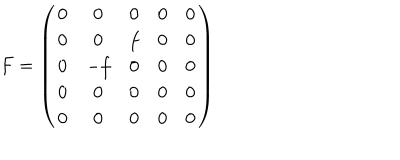
F = \left( \begin{array} { c c c c c } { { 0 } } & { { 0 } } & { { 0 } } & { { 0 } } & { { 0 } } \\ { { 0 } } & { { 0 } } & { { f } } & { { 0 } } & { { 0 } } \\ { { 0 } } & { { - f } } & { { 0 } } & { { 0 } } & { { 0 } } \\ { { 0 } } & { { 0 } } & { { 0 } } & { { 0 } } & { { 0 } } \\ { { 0 } } & { { 0 } } & { { 0 } } & { { 0 } } & { { 0 } } \\ \end{array} \right)
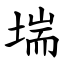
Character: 㙐
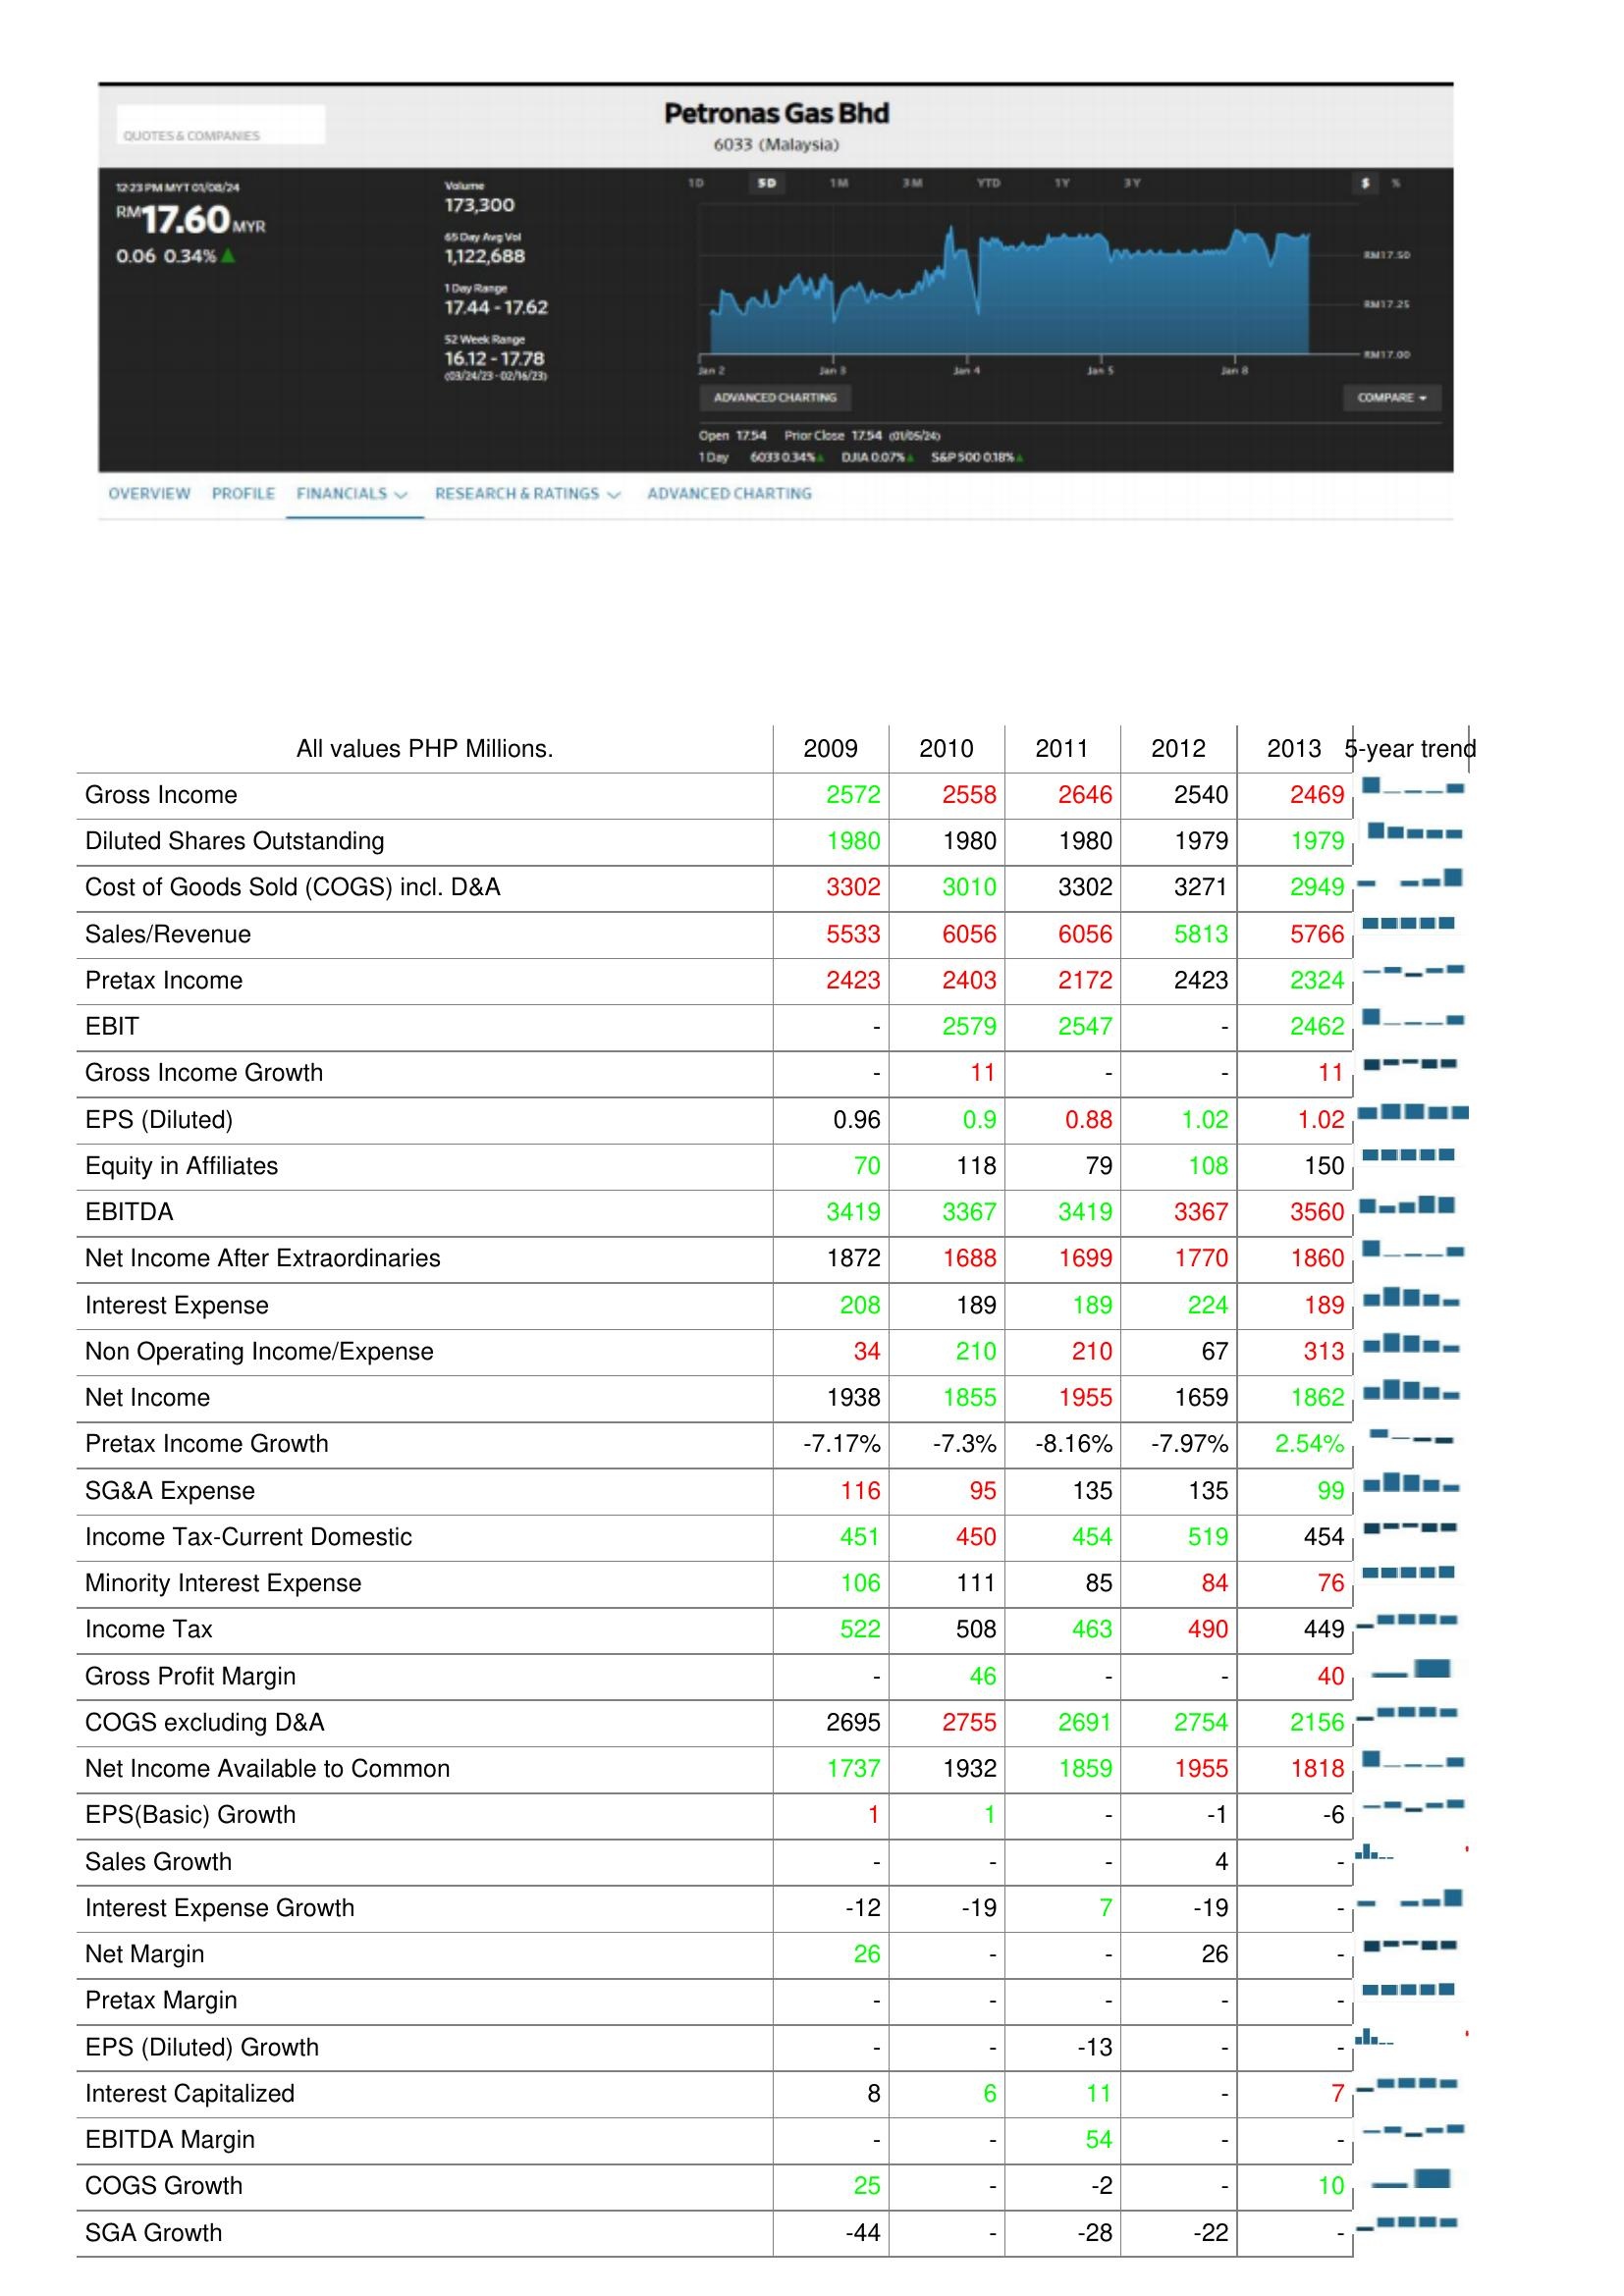
2009: : Gross Income: 2572
Diluted Shares Outstanding: 1980
Cost of Goods Sold (COGS) incl. D&A: 3302
Sales/Revenue: 5533
Pretax Income: 2423
EBIT: -
Gross Income Growth: -
EPS (Diluted): 0.96
Equity in Affiliates: 70
EBITDA: 3419
Net Income After Extraordinaries: 1872
Interest Expense: 208
Non Operating Income/Expense: 34
Net Income: 1938
Pretax Income Growth: -7.17%
SG&A Expense: 116
Income Tax-Current Domestic: 451
Minority Interest Expense: 106
Income Tax: 522
Gross Profit Margin: -
COGS excluding D&A: 2695
Net Income Available to Common: 1737
EPS(Basic) Growth: 1
Sales Growth: -
Interest Expense Growth: -12
Net Margin: 26
Pretax Margin: -
EPS (Diluted) Growth: -
Interest Capitalized: 8
EBITDA Margin: -
COGS Growth: 25
SGA Growth: -44
2010: : Gross Income: 2558
Diluted Shares Outstanding: 1980
Cost of Goods Sold (COGS) incl. D&A: 3010
Sales/Revenue: 6056
Pretax Income: 2403
EBIT: 2579
Gross Income Growth: 11
EPS (Diluted): 0.9
Equity in Affiliates: 118
EBITDA: 3367
Net Income After Extraordinaries: 1688
Interest Expense: 189
Non Operating Income/Expense: 210
Net Income: 1855
Pretax Income Growth: -7.3%
SG&A Expense: 95
Income Tax-Current Domestic: 450
Minority Interest Expense: 111
Income Tax: 508
Gross Profit Margin: 46
COGS excluding D&A: 2755
Net Income Available to Common: 1932
EPS(Basic) Growth: 1
Sales Growth: -
Interest Expense Growth: -19
Net Margin: -
Pretax Margin: -
EPS (Diluted) Growth: -
Interest Capitalized: 6
EBITDA Margin: -
COGS Growth: -
SGA Growth: -
2011: : Gross Income: 2646
Diluted Shares Outstanding: 1980
Cost of Goods Sold (COGS) incl. D&A: 3302
Sales/Revenue: 6056
Pretax Income: 2172
EBIT: 2547
Gross Income Growth: -
EPS (Diluted): 0.88
Equity in Affiliates: 79
EBITDA: 3419
Net Income After Extraordinaries: 1699
Interest Expense: 189
Non Operating Income/Expense: 210
Net Income: 1955
Pretax Income Growth: -8.16%
SG&A Expense: 135
Income Tax-Current Domestic: 454
Minority Interest Expense: 85
Income Tax: 463
Gross Profit Margin: -
COGS excluding D&A: 2691
Net Income Available to Common: 1859
EPS(Basic) Growth: -
Sales Growth: -
Interest Expense Growth: 7
Net Margin: -
Pretax Margin: -
EPS (Diluted) Growth: -13
Interest Capitalized: 11
EBITDA Margin: 54
COGS Growth: -2
SGA Growth: -28
2012: : Gross Income: 2540
Diluted Shares Outstanding: 1979
Cost of Goods Sold (COGS) incl. D&A: 3271
Sales/Revenue: 5813
Pretax Income: 2423
EBIT: -
Gross Income Growth: -
EPS (Diluted): 1.02
Equity in Affiliates: 108
EBITDA: 3367
Net Income After Extraordinaries: 1770
Interest Expense: 224
Non Operating Income/Expense: 67
Net Income: 1659
Pretax Income Growth: -7.97%
SG&A Expense: 135
Income Tax-Current Domestic: 519
Minority Interest Expense: 84
Income Tax: 490
Gross Profit Margin: -
COGS excluding D&A: 2754
Net Income Available to Common: 1955
EPS(Basic) Growth: -1
Sales Growth: 4
Interest Expense Growth: -19
Net Margin: 26
Pretax Margin: -
EPS (Diluted) Growth: -
Interest Capitalized: -
EBITDA Margin: -
COGS Growth: -
SGA Growth: -22
2013: : Gross Income: 2469
Diluted Shares Outstanding: 1979
Cost of Goods Sold (COGS) incl. D&A: 2949
Sales/Revenue: 5766
Pretax Income: 2324
EBIT: 2462
Gross Income Growth: 11
EPS (Diluted): 1.02
Equity in Affiliates: 150
EBITDA: 3560
Net Income After Extraordinaries: 1860
Interest Expense: 189
Non Operating Income/Expense: 313
Net Income: 1862
Pretax Income Growth: 2.54%
SG&A Expense: 99
Income Tax-Current Domestic: 454
Minority Interest Expense: 76
Income Tax: 449
Gross Profit Margin: 40
COGS excluding D&A: 2156
Net Income Available to Common: 1818
EPS(Basic) Growth: -6
Sales Growth: -
Interest Expense Growth: -
Net Margin: -
Pretax Margin: -
EPS (Diluted) Growth: -
Interest Capitalized: 7
EBITDA Margin: -
COGS Growth: 10
SGA Growth: -
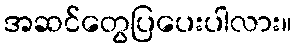
အဆင်တွေပြပေးပါလား။
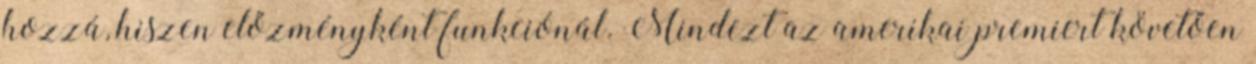
hozzá, hiszen előzményként funkciónál. Mindezt az amerikai premiert követően
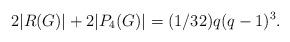
LaTeX: \begin{align*}2|R(G)|+2|P_4(G)|=(1/32) q (q-1)^3. \end{align*}
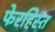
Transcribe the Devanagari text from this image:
फेरहिस्त
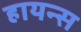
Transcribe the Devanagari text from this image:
हायन्स
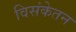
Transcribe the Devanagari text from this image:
विसंकेतन
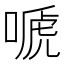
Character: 嗁
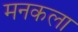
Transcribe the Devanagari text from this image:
मनकला
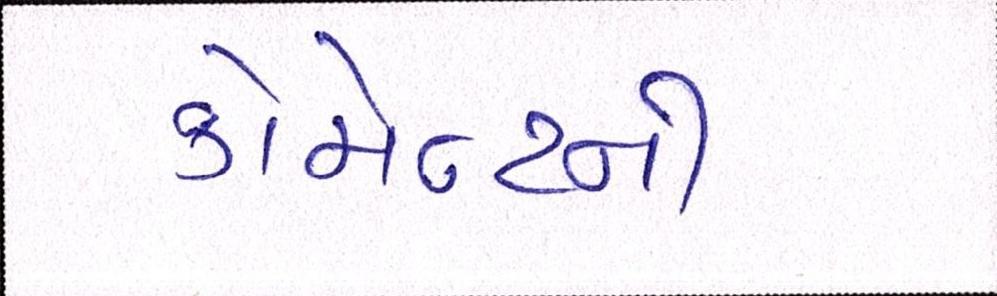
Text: કોમેન્ટની
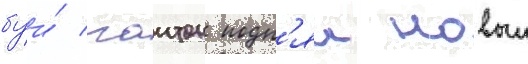
буи́ гаитон подн'ял новыи
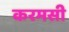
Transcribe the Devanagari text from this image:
करमसी
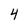
Character: 4

(Problem description)
Determine how many lines in the entries above contain the word "Revenue", and respond with the number alone.

(Answer to the problem)
5